─── TASK INPUTS

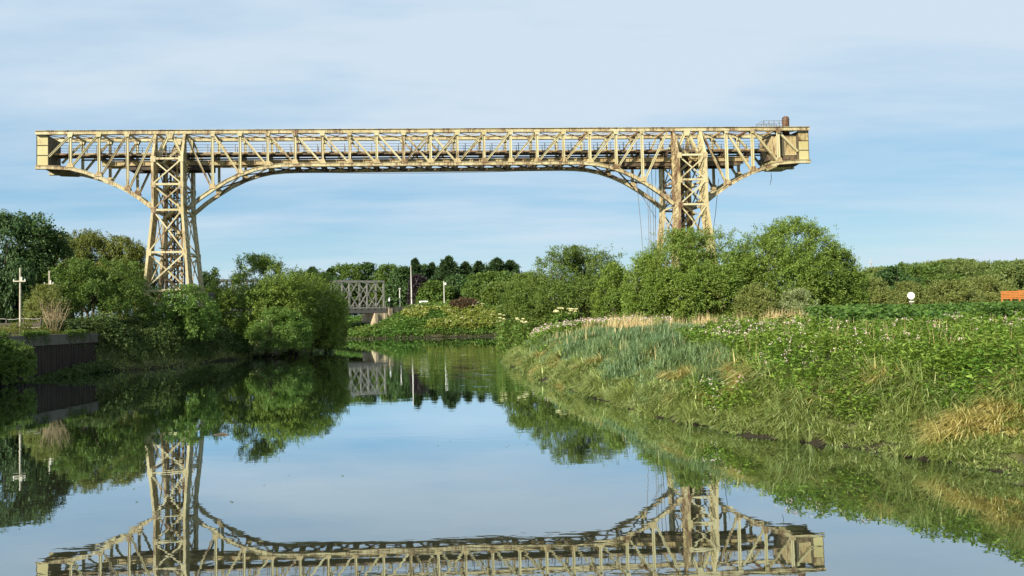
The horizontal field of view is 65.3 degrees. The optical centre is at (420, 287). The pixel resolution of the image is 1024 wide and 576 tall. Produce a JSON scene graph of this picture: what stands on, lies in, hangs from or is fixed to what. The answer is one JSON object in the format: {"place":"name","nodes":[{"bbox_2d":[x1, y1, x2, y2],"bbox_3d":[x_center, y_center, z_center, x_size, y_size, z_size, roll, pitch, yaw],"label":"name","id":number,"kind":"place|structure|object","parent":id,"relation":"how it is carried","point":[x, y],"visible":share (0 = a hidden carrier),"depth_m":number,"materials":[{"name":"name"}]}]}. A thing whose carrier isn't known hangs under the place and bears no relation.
{"place":"outdoors","nodes":[
{"label":"outdoors","id":0,"kind":"place"},
{"bbox_2d":[0,336,1023,575],"bbox_3d":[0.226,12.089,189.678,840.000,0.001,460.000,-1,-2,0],"label":"water","id":1,"kind":"structure","parent":0,"point":[482,474],"depth_m":22.96,"materials":[{"name":"blue liquid"}]},
{"bbox_2d":[0,0,1023,317],"label":"sky","id":2,"kind":"structure","parent":0,"point":[913,110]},
{"bbox_2d":[9,305,1023,472],"bbox_3d":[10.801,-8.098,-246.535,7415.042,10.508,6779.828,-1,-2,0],"label":"ground","id":3,"kind":"structure","parent":0,"point":[1019,457],"depth_m":38.04,"materials":[{"name":"green plant"}]},
{"bbox_2d":[0,338,37,384],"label":"riverside bush","id":4,"kind":"object","parent":3,"relation":"on","point":[13,357],"visible":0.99,"depth_m":65.27,"materials":[{"name":"green plant"}]},
{"bbox_2d":[13,268,25,334],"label":"utility pole","id":5,"kind":"object","parent":3,"relation":"on","point":[20,279],"visible":0.9,"depth_m":73.97,"materials":[{"name":"white paint"}]},
{"bbox_2d":[0,318,41,334],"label":"board fence","id":6,"kind":"object","parent":3,"relation":"on","point":[37,324],"visible":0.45,"depth_m":77.95,"materials":[{"name":"grey wood"}]},
{"bbox_2d":[0,208,57,322],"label":"broadleaf tree","id":7,"kind":"object","parent":3,"relation":"on","point":[11,223],"visible":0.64,"depth_m":88.01,"materials":[{"name":"green plant"}]},
{"bbox_2d":[2,209,74,317],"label":"broadleaf tree","id":8,"kind":"object","parent":3,"relation":"on","point":[45,237],"visible":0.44,"depth_m":90.76,"materials":[{"name":"green plant"}]},
{"bbox_2d":[21,282,71,333],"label":"bush","id":9,"kind":"object","parent":3,"relation":"on","point":[34,314],"visible":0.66,"depth_m":82.34,"materials":[{"name":"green plant"}]},
{"bbox_2d":[0,333,101,384],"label":"retaining wall","id":10,"kind":"structure","parent":3,"relation":"on","point":[56,352],"depth_m":74.66,"materials":[{"name":"concrete"}]},
{"bbox_2d":[0,329,104,348],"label":"trailing plants","id":11,"kind":"object","parent":10,"relation":"on","point":[78,332],"visible":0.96,"depth_m":72.00,"materials":[{"name":"green plant"}]},
{"bbox_2d":[0,321,131,356],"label":"wall creeper","id":12,"kind":"object","parent":10,"relation":"on","point":[26,327],"depth_m":74.78,"materials":[{"name":"green plant"}]},
{"bbox_2d":[37,294,73,333],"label":"dead shrub","id":13,"kind":"object","parent":3,"relation":"on","point":[53,323],"visible":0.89,"depth_m":79.90,"materials":[{"name":"brown plant"}]},
{"bbox_2d":[15,360,117,382],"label":"wall foot plants","id":14,"kind":"object","parent":3,"relation":"on","point":[77,371],"depth_m":76.15,"materials":[{"name":"green plant"}]},
{"bbox_2d":[52,228,116,317],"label":"willow tree","id":15,"kind":"object","parent":3,"relation":"on","point":[82,243],"visible":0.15,"depth_m":106.80,"materials":[{"name":"green plant"}]},
{"bbox_2d":[21,256,152,319],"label":"tree","id":16,"kind":"object","parent":3,"relation":"on","point":[96,286],"visible":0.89,"depth_m":88.04,"materials":[{"name":"green plant"}]},
{"bbox_2d":[92,234,158,320],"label":"willow tree","id":17,"kind":"object","parent":3,"relation":"on","point":[129,248],"visible":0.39,"depth_m":106.02,"materials":[{"name":"green plant"}]},
{"bbox_2d":[2,313,285,363],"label":"bank plants","id":18,"kind":"object","parent":3,"relation":"on","point":[132,329],"visible":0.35,"depth_m":87.40,"materials":[{"name":"green plant"}]},
{"bbox_2d":[135,283,221,340],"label":"bright bush","id":19,"kind":"object","parent":3,"relation":"on","point":[186,316],"visible":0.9,"depth_m":92.44,"materials":[{"name":"green plant"}]},
{"bbox_2d":[55,331,321,370],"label":"bank grass","id":20,"kind":"structure","parent":3,"relation":"on","point":[238,355],"depth_m":87.44,"materials":[{"name":"green plant"}]},
{"bbox_2d":[194,267,223,309],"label":"dark tree","id":21,"kind":"object","parent":3,"relation":"on","point":[206,274],"visible":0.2,"depth_m":123.68,"materials":[{"name":"green plant"}]},
{"bbox_2d":[207,293,214,309],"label":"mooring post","id":22,"kind":"object","parent":3,"relation":"on","point":[212,295],"visible":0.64,"depth_m":102.76,"materials":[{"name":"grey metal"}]},
{"bbox_2d":[199,251,325,342],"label":"willow bush","id":23,"kind":"object","parent":3,"relation":"on","point":[256,299],"visible":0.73,"depth_m":109.18,"materials":[{"name":"green plant"}]},
{"bbox_2d":[247,317,290,356],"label":"elder bush","id":24,"kind":"object","parent":3,"relation":"on","point":[254,349],"visible":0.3,"depth_m":105.47,"materials":[{"name":"green plant"}]},
{"bbox_2d":[243,306,313,355],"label":"willow bush","id":25,"kind":"object","parent":3,"relation":"on","point":[290,326],"visible":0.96,"depth_m":104.36,"materials":[{"name":"green plant"}]},
{"bbox_2d":[255,268,351,352],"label":"willow bush","id":26,"kind":"object","parent":3,"relation":"on","point":[336,303],"visible":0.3,"depth_m":116.30,"materials":[{"name":"green plant"}]},
{"bbox_2d":[308,272,347,314],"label":"tree","id":27,"kind":"object","parent":3,"relation":"on","point":[344,285],"visible":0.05,"depth_m":248.38,"materials":[{"name":"green plant"}]},
{"bbox_2d":[309,312,348,351],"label":"riverside bush","id":28,"kind":"object","parent":3,"relation":"on","point":[345,333],"visible":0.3,"depth_m":119.28,"materials":[{"name":"green plant"}]},
{"bbox_2d":[326,267,351,315],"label":"conifer tree","id":29,"kind":"object","parent":3,"relation":"on","point":[329,269],"visible":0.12,"depth_m":265.62,"materials":[{"name":"green plant"}]},
{"bbox_2d":[327,262,368,315],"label":"tree","id":30,"kind":"object","parent":3,"relation":"on","point":[344,271],"visible":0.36,"depth_m":265.59,"materials":[{"name":"green plant"}]},
{"bbox_2d":[348,261,387,315],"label":"tree","id":31,"kind":"object","parent":3,"relation":"on","point":[368,270],"visible":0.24,"depth_m":269.37,"materials":[{"name":"green plant"}]},
{"bbox_2d":[368,262,400,306],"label":"tree","id":32,"kind":"object","parent":3,"relation":"on","point":[385,269],"visible":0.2,"depth_m":265.42,"materials":[{"name":"green plant"}]},
{"bbox_2d":[361,307,414,324],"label":"concrete abutment","id":33,"kind":"object","parent":3,"relation":"on","point":[372,318],"visible":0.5,"depth_m":211.22,"materials":[{"name":"beige concrete"}]},
{"bbox_2d":[218,279,386,313],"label":"girder bridge","id":34,"kind":"structure","parent":33,"relation":"on","point":[363,309],"depth_m":209.35,"materials":[{"name":"grey metal"}]},
{"bbox_2d":[385,265,415,306],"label":"tree","id":35,"kind":"object","parent":3,"relation":"on","point":[399,278],"visible":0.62,"depth_m":252.64,"materials":[{"name":"green plant"}]},
{"bbox_2d":[410,265,411,303],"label":"tall mast","id":36,"kind":"object","parent":3,"relation":"on","point":[411,288],"visible":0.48,"depth_m":225.99,"materials":[{"name":"grey metal"}]},
{"bbox_2d":[408,257,424,276],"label":"conifer tree","id":37,"kind":"object","parent":3,"relation":"on","point":[416,267],"visible":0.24,"depth_m":261.36,"materials":[{"name":"green plant"}]},
{"bbox_2d":[406,274,428,304],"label":"purple tree","id":38,"kind":"object","parent":3,"relation":"on","point":[417,279],"visible":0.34,"depth_m":244.78,"materials":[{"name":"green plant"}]},
{"bbox_2d":[34,116,810,315],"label":"transporter bridge","id":39,"kind":"structure","parent":3,"relation":"on","point":[779,151],"depth_m":106.16,"materials":[{"name":"beige paint"}]},
{"bbox_2d":[346,330,510,338],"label":"waterline stalks","id":40,"kind":"object","parent":3,"relation":"on","point":[410,335],"visible":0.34,"depth_m":198.19,"materials":[{"name":"green plant"}]},
{"bbox_2d":[420,263,437,273],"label":"tree","id":41,"kind":"object","parent":3,"relation":"on","point":[424,266],"visible":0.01,"depth_m":283.77,"materials":[{"name":"green plant"}]},
{"bbox_2d":[424,262,437,280],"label":"conifer tree","id":42,"kind":"object","parent":3,"relation":"on","point":[430,271],"visible":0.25,"depth_m":267.23,"materials":[{"name":"green plant"}]},
{"bbox_2d":[414,279,456,303],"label":"tree","id":43,"kind":"object","parent":3,"relation":"on","point":[436,288],"visible":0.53,"depth_m":240.46,"materials":[{"name":"green plant"}]},
{"bbox_2d":[427,255,464,282],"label":"conifer tree","id":44,"kind":"object","parent":3,"relation":"on","point":[448,265],"visible":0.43,"depth_m":260.69,"materials":[{"name":"green plant"}]},
{"bbox_2d":[445,273,475,298],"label":"tree","id":45,"kind":"object","parent":3,"relation":"on","point":[457,281],"visible":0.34,"depth_m":246.12,"materials":[{"name":"green plant"}]},
{"bbox_2d":[449,297,479,311],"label":"rusty bush","id":46,"kind":"object","parent":3,"relation":"on","point":[460,302],"visible":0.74,"depth_m":210.66,"materials":[{"name":"brown plant"}]},
{"bbox_2d":[460,261,474,275],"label":"conifer tree","id":47,"kind":"object","parent":3,"relation":"on","point":[466,267],"visible":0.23,"depth_m":265.23,"materials":[{"name":"green plant"}]},
{"bbox_2d":[345,299,590,337],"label":"brambles","id":48,"kind":"object","parent":3,"relation":"on","point":[362,329],"visible":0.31,"depth_m":201.67,"materials":[{"name":"green plant"}]},
{"bbox_2d":[472,260,484,273],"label":"conifer tree","id":49,"kind":"object","parent":3,"relation":"on","point":[478,266],"visible":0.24,"depth_m":271.58,"materials":[{"name":"green plant"}]},
{"bbox_2d":[460,270,514,300],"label":"tree","id":50,"kind":"object","parent":3,"relation":"on","point":[473,288],"visible":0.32,"depth_m":237.37,"materials":[{"name":"green plant"}]},
{"bbox_2d":[480,280,509,304],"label":"tree","id":51,"kind":"object","parent":3,"relation":"on","point":[491,294],"visible":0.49,"depth_m":218.78,"materials":[{"name":"green plant"}]},
{"bbox_2d":[482,256,513,283],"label":"conifer tree","id":52,"kind":"object","parent":3,"relation":"on","point":[496,264],"visible":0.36,"depth_m":261.05,"materials":[{"name":"green plant"}]},
{"bbox_2d":[489,314,514,356],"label":"hogweed plant","id":53,"kind":"object","parent":3,"relation":"on","point":[503,335],"visible":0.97,"depth_m":96.49,"materials":[{"name":"green plant"}]},
{"bbox_2d":[505,259,524,274],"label":"conifer tree","id":54,"kind":"object","parent":3,"relation":"on","point":[513,266],"visible":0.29,"depth_m":264.68,"materials":[{"name":"green plant"}]},
{"bbox_2d":[510,317,535,350],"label":"hogweed plant","id":55,"kind":"object","parent":3,"relation":"on","point":[519,329],"visible":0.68,"depth_m":92.60,"materials":[{"name":"green plant"}]},
{"bbox_2d":[494,278,552,352],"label":"willow bush","id":56,"kind":"object","parent":3,"relation":"on","point":[506,309],"visible":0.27,"depth_m":102.86,"materials":[{"name":"green plant"}]},
{"bbox_2d":[510,272,539,297],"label":"tree","id":57,"kind":"object","parent":3,"relation":"on","point":[521,275],"visible":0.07,"depth_m":235.11,"materials":[{"name":"green plant"}]},
{"bbox_2d":[547,307,571,324],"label":"hogweed plant","id":58,"kind":"object","parent":3,"relation":"on","point":[558,316],"visible":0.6,"depth_m":85.62,"materials":[{"name":"green plant"}]},
{"bbox_2d":[400,301,726,330],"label":"hogweed","id":59,"kind":"object","parent":3,"relation":"on","point":[483,318],"depth_m":205.04,"materials":[{"name":"green plant"}]},
{"bbox_2d":[511,244,633,335],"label":"willow bush","id":60,"kind":"object","parent":3,"relation":"on","point":[577,290],"visible":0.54,"depth_m":98.41,"materials":[{"name":"green plant"}]},
{"bbox_2d":[562,308,583,321],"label":"hogweed plant","id":61,"kind":"object","parent":3,"relation":"on","point":[572,313],"visible":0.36,"depth_m":86.98,"materials":[{"name":"green plant"}]},
{"bbox_2d":[526,316,675,341],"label":"flowering balsam","id":62,"kind":"object","parent":3,"relation":"on","point":[555,328],"visible":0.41,"depth_m":80.91,"materials":[{"name":"green plant"}]},
{"bbox_2d":[530,314,671,336],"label":"crest flowers","id":63,"kind":"object","parent":3,"relation":"on","point":[589,320],"visible":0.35,"depth_m":81.65,"materials":[{"name":"pink plant"}]},
{"bbox_2d":[589,261,634,318],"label":"willow bush","id":64,"kind":"object","parent":3,"relation":"on","point":[613,307],"visible":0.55,"depth_m":91.39,"materials":[{"name":"green plant"}]},
{"bbox_2d":[516,319,763,350],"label":"undergrowth","id":65,"kind":"object","parent":3,"relation":"on","point":[532,343],"visible":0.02,"depth_m":79.20,"materials":[{"name":"green plant"}]},
{"bbox_2d":[618,253,677,320],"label":"willow bush","id":66,"kind":"object","parent":3,"relation":"on","point":[630,294],"visible":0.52,"depth_m":86.94,"materials":[{"name":"green plant"}]},
{"bbox_2d":[629,224,759,322],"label":"willow bush","id":67,"kind":"object","parent":3,"relation":"on","point":[696,283],"visible":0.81,"depth_m":84.90,"materials":[{"name":"green plant"}]},
{"bbox_2d":[582,306,809,329],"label":"straw stems","id":68,"kind":"object","parent":3,"relation":"on","point":[631,321],"visible":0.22,"depth_m":75.29,"materials":[{"name":"beige plant"}]},
{"bbox_2d":[520,317,954,404],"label":"reeds","id":69,"kind":"object","parent":3,"relation":"on","point":[598,340],"visible":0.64,"depth_m":47.25,"materials":[{"name":"green plant"}]},
{"bbox_2d":[731,282,780,319],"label":"willow bush","id":70,"kind":"object","parent":3,"relation":"on","point":[757,309],"visible":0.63,"depth_m":79.14,"materials":[{"name":"green plant"}]},
{"bbox_2d":[498,330,1023,473],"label":"riverside grass","id":71,"kind":"structure","parent":3,"relation":"on","point":[792,419],"depth_m":30.25,"materials":[{"name":"green plant"}]},
{"bbox_2d":[508,340,1023,448],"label":"dry grass","id":72,"kind":"structure","parent":3,"relation":"on","point":[959,421],"depth_m":25.81,"materials":[{"name":"beige plant"}]},
{"bbox_2d":[535,308,1023,423],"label":"balsam","id":73,"kind":"object","parent":3,"relation":"on","point":[958,355],"depth_m":33.28,"materials":[{"name":"green plant"}]},
{"bbox_2d":[545,313,1021,373],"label":"tall stems","id":74,"kind":"object","parent":3,"relation":"on","point":[789,332],"visible":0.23,"depth_m":40.82,"materials":[{"name":"plant"}]},
{"bbox_2d":[719,215,853,314],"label":"willow bush","id":75,"kind":"object","parent":3,"relation":"on","point":[799,266],"visible":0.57,"depth_m":85.55,"materials":[{"name":"green plant"}]},
{"bbox_2d":[779,287,821,316],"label":"willow bush","id":76,"kind":"object","parent":3,"relation":"on","point":[798,293],"visible":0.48,"depth_m":80.37,"materials":[{"name":"green plant"}]},
{"bbox_2d":[797,245,872,304],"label":"willow bush","id":77,"kind":"object","parent":3,"relation":"on","point":[858,279],"visible":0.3,"depth_m":87.09,"materials":[{"name":"green plant"}]},
{"bbox_2d":[860,276,897,304],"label":"scrub bush","id":78,"kind":"object","parent":3,"relation":"on","point":[881,294],"visible":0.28,"depth_m":110.69,"materials":[{"name":"green plant"}]},
{"bbox_2d":[870,265,924,297],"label":"dark tree","id":79,"kind":"object","parent":3,"relation":"on","point":[892,274],"visible":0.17,"depth_m":121.33,"materials":[{"name":"green plant"}]},
{"bbox_2d":[898,261,906,272],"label":"spire tree","id":80,"kind":"object","parent":3,"relation":"on","point":[901,264],"visible":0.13,"depth_m":190.20,"materials":[{"name":"green plant"}]},
{"bbox_2d":[885,280,928,304],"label":"scrub bush","id":81,"kind":"object","parent":3,"relation":"on","point":[904,289],"visible":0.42,"depth_m":107.13,"materials":[{"name":"green plant"}]},
{"bbox_2d":[795,300,1023,323],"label":"knotweed","id":82,"kind":"object","parent":3,"relation":"on","point":[886,312],"visible":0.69,"depth_m":60.20,"materials":[{"name":"green plant"}]},
{"bbox_2d":[907,292,914,304],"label":"round sign","id":83,"kind":"object","parent":3,"relation":"on","point":[910,295],"visible":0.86,"depth_m":82.00,"materials":[{"name":"white metal"}]},
{"bbox_2d":[902,262,967,303],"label":"dark tree","id":84,"kind":"object","parent":3,"relation":"on","point":[925,271],"visible":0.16,"depth_m":126.72,"materials":[{"name":"green plant"}]},
{"bbox_2d":[848,257,1023,303],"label":"woodland","id":85,"kind":"object","parent":3,"relation":"on","point":[1004,270],"visible":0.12,"depth_m":201.94,"materials":[{"name":"green plant"}]},
{"bbox_2d":[919,278,985,304],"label":"scrub bush","id":86,"kind":"object","parent":3,"relation":"on","point":[942,291],"visible":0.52,"depth_m":114.54,"materials":[{"name":"green plant"}]},
{"bbox_2d":[963,274,1018,303],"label":"scrub bush","id":87,"kind":"object","parent":3,"relation":"on","point":[991,294],"visible":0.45,"depth_m":122.77,"materials":[{"name":"green plant"}]},
{"bbox_2d":[1001,291,1020,301],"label":"pallet","id":88,"kind":"object","parent":3,"relation":"on","point":[1011,295],"visible":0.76,"depth_m":117.99,"materials":[{"name":"orange wood"}]},
{"bbox_2d":[1018,290,1023,301],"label":"pallet","id":89,"kind":"object","parent":3,"relation":"on","point":[1020,291],"visible":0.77,"depth_m":117.00,"materials":[{"name":"orange wood"}]}
]}

──────

**WHAT TO DO:**
For the records above, count the lines holding the word "grass" and give only that number.

**SOLVED EXERCISE:**
3